For each finding, include:
- Title — short, specific, and actionable.
- Severity — one of: Critical / High / Medium / Low.
- Disposition — one of: Blocker / Nice-to-fix / Follow-up ticket / Discussion. See the disposition table below. Severity says how bad it is; disposition says what should happen about it in this PR. They are not the same axis.
- Why it matters — the product, operational, or maintainability impact in plain terms.
- Location — exact file path and line number(s).
- Failure mode — the concrete failure mode, drift risk, observability gap, scenario gap, test-quality problem, or maintainability risk.
- Recommendation — a specific, implementable fix. Not "consider refactoring" — say what to do.
After the main findings, include two trailing sections:
- Lower-confidence concerns — things worth flagging but not fully verified from the code shown.
- Residual risk / missing verification — a brief summary of what wasn't verified, what runtime evidence would have helped, and any blind spots the review couldn't close.
Close the review with a Net-net section that lists, by disposition: what would block merge, what's nice-to-fix in this PR, and what should become follow-up tickets. This gives the PR author a clear one-screen triage.
If there are no findings, say so explicitly — and still call out any important testing gaps, runtime blind spots, or residual risks that were not fully verifiable.
Disposition framing — language templates
The framing language matters. A wall of blocker-tone comments makes every reviewer note feel like a gate, which makes authors defensive and slows merges. Use the table below to match tone to disposition. When authoring an inline PR comment (see Step 4), lead with the disposition phrase verbatim or paraphrased — it sets expectation immediately.

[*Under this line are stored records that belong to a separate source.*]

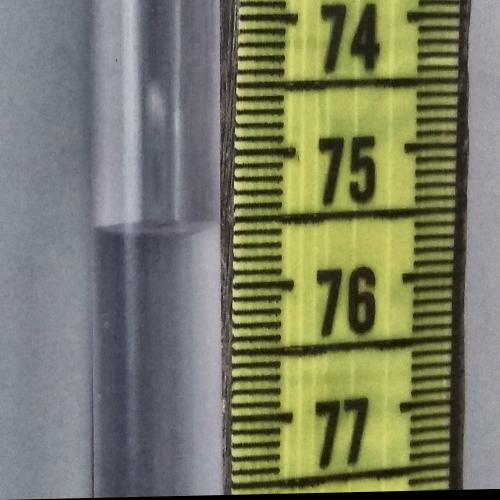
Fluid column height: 75.6 cm
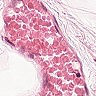
Metastatic tissue present: no
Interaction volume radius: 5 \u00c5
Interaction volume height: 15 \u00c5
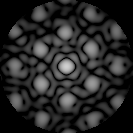
Disorder parameter: 0.3187
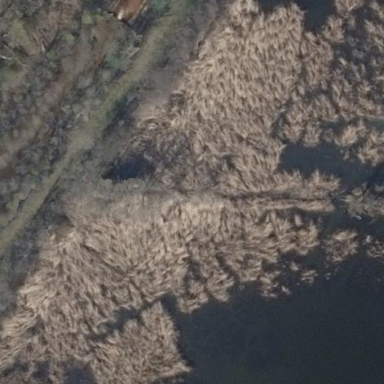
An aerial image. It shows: Reedbed wetland area.

| Disposition | When | Lead phrase | Follow with |
|---|
| Blocker | Correctness bug, security issue, migration-file edit, debug code in prod path, Terraform defaults that ship broken, anything that's actually wrong in the current code. | "Please fix before merge (Critical / High)." | Concrete explanation and recommended fix. |
| Nice-to-fix | High-value improvement that's cheap to do now, but not wrong. If the author can't get to it this sprint, a ticket is fine. | "Nice to fix, not blocking." | Suggested fix, then: "Happy to take a follow-up ticket if you'd rather — just reply with the issue # so I can track it." |
| Follow-up ticket | Real concern, but clearly out of scope for this PR (architectural, scales-poorly, design refactor). | "Not critical, but worth considering / filing a ticket." or "Follow-up, not blocking." | Short explanation of the concern. Then: "Could you file a follow-up ticket and drop the issue # here? Happy to track it." |
| Discussion | Low-confidence, alternative opinion, or genuinely "thinking out loud". | "Thinking out loud — not blocking." or "Small thing I'm not sure about." | State the concern as a question, not a demand. No "please fix" language. |
Tone rules, regardless of disposition:
- Name the concrete risk or mechanism. "This breaks X because Y." Not "this feels wrong."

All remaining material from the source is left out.